[REQUIRED WORK]: Go through the data and report each line that holds the string "stroke".

[DATASET RECORDS]:
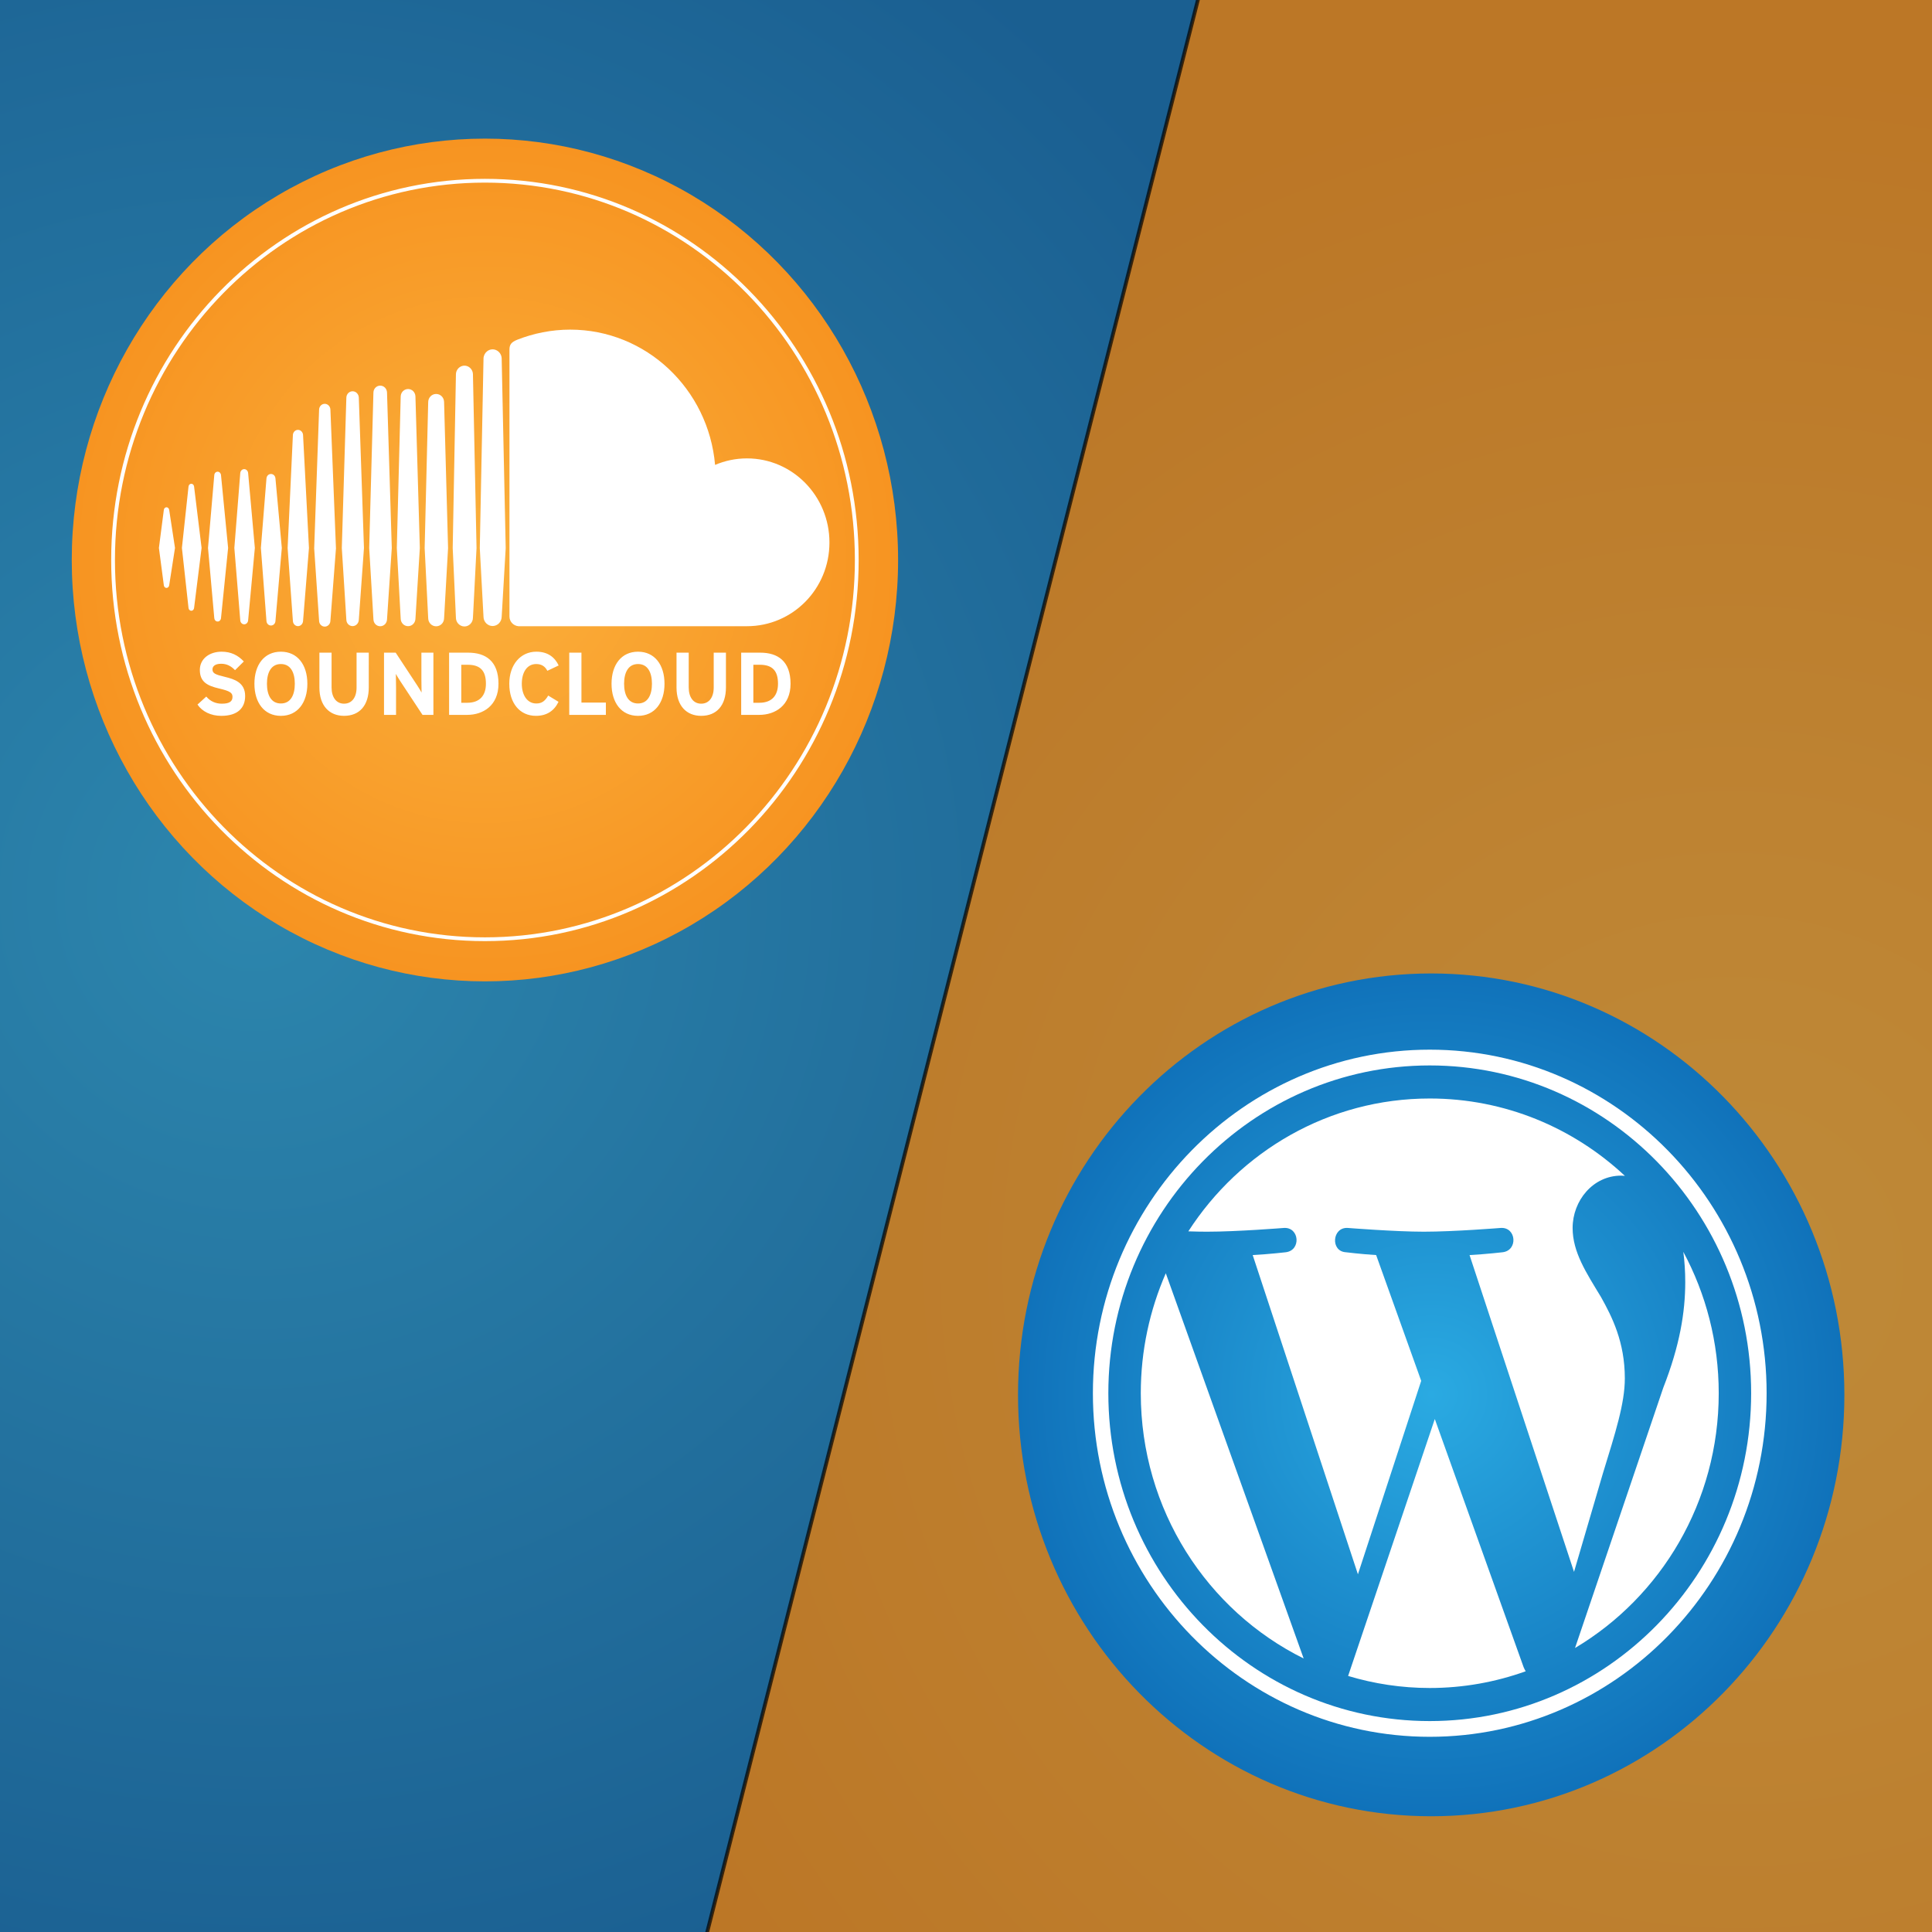 <?xml version="1.0" encoding="UTF-8"?>
<svg xmlns="http://www.w3.org/2000/svg" xmlns:xlink="http://www.w3.org/1999/xlink" version="1.1" id="Layer_1" x="0px" y="0px" width="256px" height="256px" viewBox="0 0 256 256" xml:space="preserve">
<rect x="0" y="0" width="256" height="256" fill="#333333" stroke="none"/>
<g>
	
		<radialGradient id="SVGID_1_" cx="220.758" cy="125.547" r="156.331" gradientTransform="matrix(1.008 0.256 -0.252 0.994 38.905 -13.424)" gradientUnits="userSpaceOnUse">
		<stop offset="0" style="stop-color:#FBB03C"></stop>
		<stop offset="1" style="stop-color:#F79421"></stop>
	</radialGradient>
	<polygon opacity="0.7" fill="url(#SVGID_1_)" points="287.565,387.797 74.014,333.563 171.959,-52.106 385.51,2.125  "></polygon>
	
		<radialGradient id="SVGID_2_" cx="26.26" cy="126.328" r="150.841" gradientTransform="matrix(1.008 0.256 -0.252 0.994 38.905 -13.424)" gradientUnits="userSpaceOnUse">
		<stop offset="0" style="stop-color:#2AAAE2"></stop>
		<stop offset="1" style="stop-color:#1072BA"></stop>
	</radialGradient>
	<polygon opacity="0.7" fill="url(#SVGID_2_)" stroke="#000000" stroke-width="0.5" points="73.816,334.343 -104.772,288.987    -6.829,-96.684 171.76,-51.33  "></polygon>
</g>
<g>
	<g>
		<g>
			
				<radialGradient id="SVGID_3_" cx="32.217" cy="63.66" r="59.196" gradientTransform="matrix(0.925 0 0 0.943 34.461 14.151)" gradientUnits="userSpaceOnUse">
				<stop offset="0" style="stop-color:#FBB03C"></stop>
				<stop offset="1" style="stop-color:#F79421"></stop>
			</radialGradient>
			<ellipse fill="url(#SVGID_3_)" cx="64.255" cy="74.203" rx="54.747" ry="55.834"></ellipse>
			<path fill="none" stroke="#FFFFFF" stroke-width="0.5" d="M113.526,74.203c0,27.753-22.06,50.25-49.273,50.25     c-27.208,0-49.271-22.498-49.271-50.25c0-27.755,22.063-50.255,49.271-50.255C91.466,23.948,113.526,46.448,113.526,74.203z"></path>
		</g>
		<g>
			<g>
				<path fill="#FFFFFF" d="M25.35,64.1c-0.191,0-0.344,0.152-0.37,0.366l-0.876,8.137l0.876,7.961      c0.026,0.211,0.179,0.366,0.37,0.366c0.186,0,0.338-0.15,0.366-0.366l0.995-7.961l-0.995-8.139      C25.688,64.25,25.536,64.1,25.35,64.1z"></path>
				<path fill="#FFFFFF" d="M22.065,67.217c-0.188,0-0.333,0.146-0.357,0.354l-0.651,5.032l0.651,4.946      c0.024,0.208,0.169,0.354,0.357,0.354c0.176,0,0.322-0.142,0.354-0.352l0.769-4.948l-0.769-5.034      C22.388,67.362,22.242,67.217,22.065,67.217z"></path>
				<path fill="#FFFFFF" d="M28.84,62.503c-0.237,0-0.422,0.188-0.446,0.446l-0.831,9.656l0.831,9.304      c0.024,0.257,0.209,0.445,0.446,0.445c0.228,0,0.418-0.188,0.443-0.441l0.943-9.308l-0.943-9.656      C29.258,62.691,29.068,62.503,28.84,62.503z"></path>
				<path fill="#FFFFFF" d="M32.358,62.163c-0.273,0-0.5,0.225-0.522,0.523l-0.784,9.92l0.784,9.598      c0.022,0.297,0.249,0.521,0.522,0.521c0.272,0,0.496-0.224,0.521-0.521l0.89-9.598l-0.89-9.923      C32.854,62.386,32.63,62.163,32.358,62.163z"></path>
				<polygon fill="#FFFFFF" points="36.499,82.285 36.499,82.285 36.499,82.285     "></polygon>
				<path fill="#FFFFFF" d="M36.499,63.4c-0.02-0.337-0.276-0.596-0.593-0.596c-0.32,0-0.577,0.259-0.599,0.6l-0.739,9.204      l0.739,9.678c0.022,0.339,0.279,0.598,0.599,0.598c0.317,0,0.573-0.257,0.593-0.598l0.842-9.678L36.499,63.4z"></path>
				<path fill="#FFFFFF" d="M39.482,56.958c-0.359,0-0.652,0.3-0.672,0.68l-0.698,14.974l0.698,9.676      c0.02,0.378,0.312,0.679,0.672,0.679c0.355,0,0.652-0.301,0.674-0.681v0.004l0.783-9.678l-0.783-14.976      C40.134,57.257,39.837,56.958,39.482,56.958z"></path>
				<path fill="#FFFFFF" d="M43.032,53.508c-0.405,0-0.731,0.332-0.75,0.757l-0.651,18.398l0.651,9.616      c0.018,0.419,0.345,0.751,0.75,0.751c0.398,0,0.729-0.332,0.748-0.756l-0.001,0.007l0.738-9.618l-0.737-18.398      C43.761,53.84,43.43,53.508,43.032,53.508z"></path>
				<path fill="#FFFFFF" d="M46.72,51.845c-0.446,0-0.809,0.368-0.826,0.838l-0.603,19.931l0.603,9.518      c0.017,0.465,0.38,0.832,0.826,0.832c0.443,0,0.804-0.367,0.825-0.835v0.005l0.682-9.52l-0.682-19.931      C47.524,52.213,47.163,51.845,46.72,51.845z"></path>
				<path fill="#FFFFFF" d="M51.282,52.012c-0.017-0.515-0.409-0.913-0.903-0.913c-0.488,0-0.883,0.399-0.898,0.913l-0.56,20.604      l0.562,9.457c0.014,0.509,0.408,0.907,0.896,0.907c0.494,0,0.886-0.398,0.903-0.911l0.631-9.454L51.282,52.012z"></path>
				<polygon fill="#FFFFFF" points="51.282,82.07 51.282,82.07 51.282,82.075     "></polygon>
				<path fill="#FFFFFF" d="M54.073,51.549c-0.534,0-0.963,0.433-0.978,0.99l-0.514,20.078l0.514,9.369      c0.015,0.548,0.444,0.985,0.978,0.985c0.534,0,0.961-0.437,0.976-0.991v0.008l0.581-9.371L55.048,52.54      C55.034,51.982,54.606,51.549,54.073,51.549z"></path>
				<path fill="#FFFFFF" d="M57.79,52.202c-0.576,0-1.038,0.47-1.051,1.069l-0.47,19.347l0.47,9.309      c0.013,0.591,0.475,1.06,1.051,1.06c0.58,0,1.043-0.469,1.054-1.068v0.01l0.527-9.311l-0.527-19.347      C58.833,52.672,58.37,52.202,57.79,52.202z"></path>
				<path fill="#FFFFFF" d="M62.163,48.648c-0.181-0.124-0.393-0.196-0.622-0.196c-0.225,0-0.431,0.069-0.609,0.187      c-0.307,0.205-0.514,0.559-0.519,0.961l-0.004,0.216l-0.423,22.796c0,0.017,0.427,9.255,0.427,9.255      c0,0.014,0.001,0.03,0.001,0.042c0.013,0.257,0.109,0.494,0.264,0.685c0.206,0.25,0.519,0.416,0.863,0.416      c0.306,0,0.581-0.128,0.788-0.337c0.204-0.206,0.333-0.494,0.336-0.808l0.05-0.915l0.427-8.327l-0.475-23.023      C62.662,49.202,62.459,48.855,62.163,48.648z"></path>
				<polygon fill="#FFFFFF" points="62.666,81.869 62.666,81.867 62.666,81.869 62.666,81.867 62.667,81.864 62.666,81.864       62.666,81.867     "></polygon>
				<path fill="#FFFFFF" d="M65.883,46.466c-0.178-0.11-0.388-0.175-0.612-0.175c-0.286,0-0.549,0.104-0.758,0.281      c-0.266,0.225-0.441,0.562-0.446,0.942l-0.002,0.127l-0.49,24.983l0.249,4.617l0.243,4.497c0.011,0.664,0.548,1.213,1.204,1.213      c0.654,0,1.192-0.549,1.203-1.224v0.012l0,0l0.534-9.114l0,0l-0.534-25.112C66.468,47.069,66.232,46.681,65.883,46.466z"></path>
				<path fill="#FFFFFF" d="M98.978,60.739c-1.495,0-2.925,0.308-4.227,0.864c-0.869-10.044-9.128-17.926-19.204-17.926      c-2.464,0-4.866,0.496-6.989,1.332c-0.827,0.329-1.046,0.661-1.052,1.312v35.375c0.006,0.683,0.525,1.213,1.18,1.279      c0.028,0.004,30.291,0,30.291,0c6.036,0,10.929-4.932,10.929-11.091C109.907,65.729,105.013,60.739,98.978,60.739z"></path>
			</g>
			<path fill="#FFFFFF" d="M29.782,89.683c-1.281-0.305-1.627-0.472-1.627-0.99c0-0.363,0.288-0.742,1.154-0.742     c0.74,0,1.316,0.308,1.835,0.85l1.164-1.153c-0.761-0.814-1.684-1.296-2.943-1.296c-1.592,0-2.885,0.92-2.885,2.415     c0,1.623,1.039,2.105,2.53,2.457c1.521,0.354,1.797,0.591,1.797,1.122c0,0.624-0.449,0.895-1.406,0.895     c-0.773,0-1.499-0.271-2.068-0.944l-1.164,1.061c0.611,0.92,1.789,1.496,3.14,1.496c2.205,0,3.174-1.061,3.174-2.628     C32.483,90.436,31.063,89.991,29.782,89.683z M37.219,86.353c-2.208,0-3.508,1.738-3.508,4.25c0,2.51,1.301,4.251,3.508,4.251     c2.202,0,3.508-1.741,3.508-4.251C40.727,88.09,39.421,86.353,37.219,86.353z M37.219,93.214c-1.306,0-1.847-1.142-1.847-2.612     s0.542-2.614,1.847-2.614s1.845,1.144,1.845,2.614S38.524,93.214,37.219,93.214z M47.247,91.108c0,1.318-0.633,2.133-1.659,2.133     c-1.027,0-1.653-0.837-1.653-2.156v-4.604h-1.613v4.627c0,2.404,1.317,3.745,3.266,3.745c2.051,0,3.276-1.38,3.276-3.769v-4.604     h-1.617V91.108z M55.836,89.969c0,0.457,0.023,1.491,0.023,1.8c-0.104-0.213-0.37-0.627-0.565-0.933l-2.864-4.355h-1.547v8.243     h1.595v-3.626c0-0.463-0.025-1.496-0.025-1.804c0.106,0.211,0.372,0.624,0.565,0.933l2.966,4.497h1.444v-8.243h-1.591V89.969z      M62.035,86.481h-2.528v8.243h2.41c2.079,0,4.134-1.225,4.134-4.122C66.051,87.585,64.341,86.481,62.035,86.481z M61.917,93.12     h-0.795v-5.036h0.855c1.708,0,2.41,0.835,2.41,2.518C64.387,92.107,63.615,93.12,61.917,93.12z M71.049,87.988     c0.728,0,1.188,0.331,1.477,0.897l1.5-0.708c-0.506-1.072-1.43-1.825-2.955-1.825c-2.111,0-3.588,1.738-3.588,4.25     c0,2.602,1.418,4.251,3.531,4.251c1.468,0,2.436-0.696,2.991-1.861l-1.364-0.826c-0.428,0.732-0.854,1.049-1.58,1.049     c-1.214,0-1.919-1.129-1.919-2.612C69.143,89.072,69.837,87.988,71.049,87.988z M77.044,86.481h-1.616v8.243h4.854v-1.626h-3.238     V86.481z M84.54,86.353c-2.205,0-3.508,1.738-3.508,4.25c0,2.51,1.304,4.251,3.508,4.251c2.208,0,3.51-1.741,3.51-4.251     C88.05,88.09,86.747,86.353,84.54,86.353z M84.54,93.214c-1.305,0-1.845-1.142-1.845-2.612s0.541-2.614,1.845-2.614     c1.306,0,1.846,1.144,1.846,2.614S85.845,93.214,84.54,93.214z M94.57,91.108c0,1.318-0.634,2.133-1.661,2.133     c-1.027,0-1.65-0.837-1.65-2.156v-4.604h-1.617v4.627c0,2.404,1.317,3.745,3.268,3.745c2.053,0,3.28-1.38,3.28-3.769v-4.604     h-1.62V91.108z M100.736,86.481H98.21v8.243h2.408c2.082,0,4.134-1.225,4.134-4.122     C104.751,87.585,103.044,86.481,100.736,86.481z M100.618,93.12h-0.795v-5.036h0.855c1.707,0,2.411,0.835,2.411,2.518     C103.088,92.107,102.317,93.12,100.618,93.12z"></path>
		</g>
	</g>
	<g>
		<g>
			
				<radialGradient id="SVGID_4_" cx="167.799" cy="180.935" r="59.197" gradientTransform="matrix(0.925 0 0 0.943 34.461 14.151)" gradientUnits="userSpaceOnUse">
				<stop offset="0" style="stop-color:#2AAAE2"></stop>
				<stop offset="1" style="stop-color:#1072BA"></stop>
			</radialGradient>
			<path fill="url(#SVGID_4_)" d="M244.389,184.83c0,30.836-24.513,55.834-54.749,55.834c-30.237,0-54.747-24.998-54.747-55.834     c0-30.844,24.51-55.842,54.747-55.842C219.876,128.988,244.389,153.986,244.389,184.83z"></path>
		</g>
		<g>
			<g>
				<path fill="#FFFFFF" d="M151.16,184.611c0,15.458,8.808,28.815,21.582,35.147l-18.268-51.044      C152.353,173.572,151.16,178.946,151.16,184.611z"></path>
				<path fill="#FFFFFF" d="M215.298,182.641c0-4.831-1.701-8.167-3.158-10.776c-1.943-3.213-3.76-5.936-3.76-9.156      c0-3.587,2.671-6.931,6.429-6.931c0.167,0,0.334,0.022,0.5,0.032c-6.813-6.366-15.895-10.253-25.862-10.253      c-13.37,0-25.146,7-31.986,17.602c0.896,0.031,1.741,0.048,2.462,0.048c4.003,0,10.205-0.498,10.205-0.498      c2.062-0.123,2.305,2.972,0.243,3.221c0,0-2.076,0.245-4.382,0.374l13.943,42.301l8.384-25.635l-5.969-16.666      c-2.061-0.129-4.015-0.374-4.015-0.374c-2.066-0.123-1.821-3.344,0.242-3.221c0,0,6.322,0.498,10.086,0.498      c4.003,0,10.205-0.498,10.205-0.498c2.064-0.123,2.303,2.972,0.245,3.221c0,0-2.078,0.245-4.386,0.374l13.842,41.979      l3.817-13.02C214.04,189.859,215.298,185.984,215.298,182.641z"></path>
				<path fill="#FFFFFF" d="M190.119,188.026l-11.487,34.047c3.43,1.031,7.059,1.595,10.814,1.595c4.463,0,8.74-0.789,12.717-2.216      c-0.102-0.169-0.195-0.345-0.274-0.539L190.119,188.026z"></path>
				<path fill="#FFFFFF" d="M223.047,165.873c0.165,1.246,0.257,2.58,0.257,4.017c0,3.965-0.725,8.416-2.91,13.987l-11.695,34.492      c11.383-6.771,19.042-19.35,19.042-33.758C227.74,177.819,226.037,171.435,223.047,165.873z"></path>
				<path fill="#FFFFFF" d="M189.446,139.086c-24.608,0-44.632,20.426-44.632,45.525c0,25.107,20.023,45.525,44.632,45.525      c24.612,0,44.64-20.418,44.64-45.525C234.086,159.512,214.059,139.086,189.446,139.086z M189.446,228.051      c-23.481,0-42.585-19.486-42.585-43.439s19.104-43.436,42.585-43.436c23.487,0,42.59,19.482,42.59,43.436      S212.934,228.051,189.446,228.051z"></path>
			</g>
		</g>
	</g>
</g>
</svg>

[TASK ANSWER]:
<rect x="0" y="0" width="256" height="256" fill="#333333" stroke="none"/>
	<polygon opacity="0.7" fill="url(#SVGID_2_)" stroke="#000000" stroke-width="0.5" points="73.816,334.343 -104.772,288.987    -6.829,-96.684 171.76,-51.33  "></polygon>
			<path fill="none" stroke="#FFFFFF" stroke-width="0.5" d="M113.526,74.203c0,27.753-22.06,50.25-49.273,50.25     c-27.208,0-49.271-22.498-49.271-50.25c0-27.755,22.063-50.255,49.271-50.255C91.466,23.948,113.526,46.448,113.526,74.203z"></path>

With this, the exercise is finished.